Using the records below, filter out every line that lacks "wide" and copy the rest.

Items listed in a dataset
========================

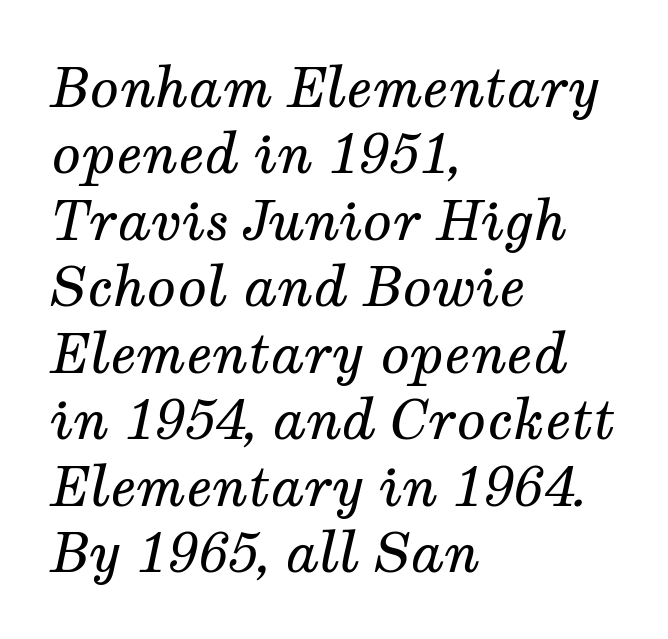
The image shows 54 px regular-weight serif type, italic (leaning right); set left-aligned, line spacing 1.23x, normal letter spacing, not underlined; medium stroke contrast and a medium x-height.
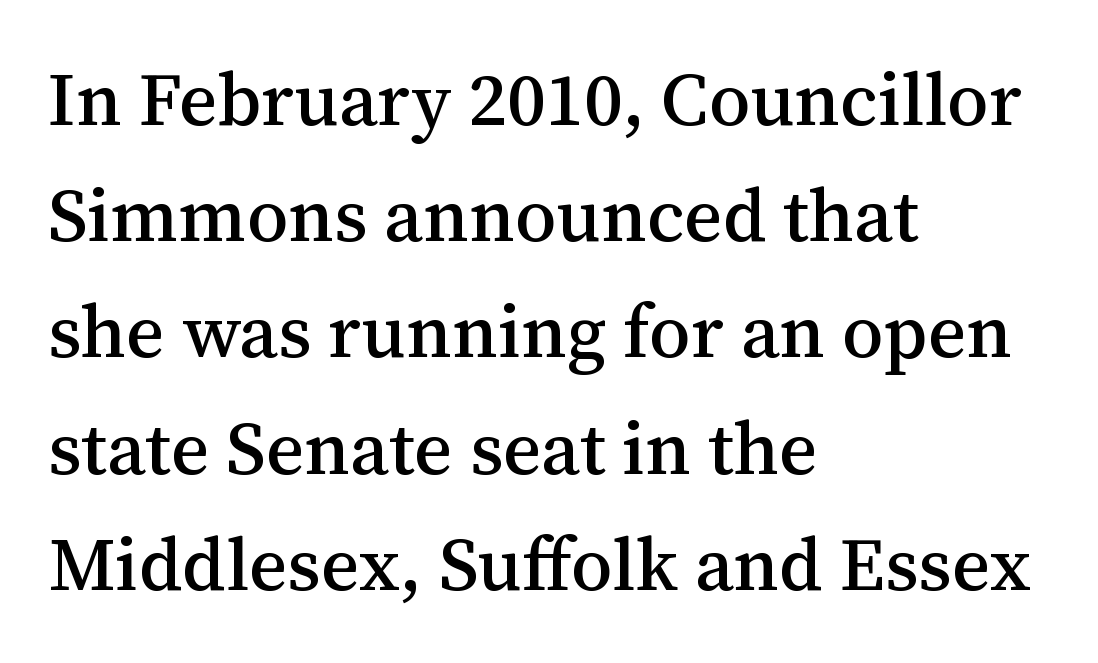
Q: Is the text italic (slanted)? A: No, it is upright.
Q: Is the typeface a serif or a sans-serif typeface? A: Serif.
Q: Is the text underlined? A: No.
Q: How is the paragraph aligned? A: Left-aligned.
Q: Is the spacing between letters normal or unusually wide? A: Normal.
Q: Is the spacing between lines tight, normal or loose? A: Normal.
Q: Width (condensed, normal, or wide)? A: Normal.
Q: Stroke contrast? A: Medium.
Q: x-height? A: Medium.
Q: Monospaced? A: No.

========================

Output below
Q: Is the spacing between letters normal or unusually wide? A: Normal.
Q: Width (condensed, normal, or wide)? A: Normal.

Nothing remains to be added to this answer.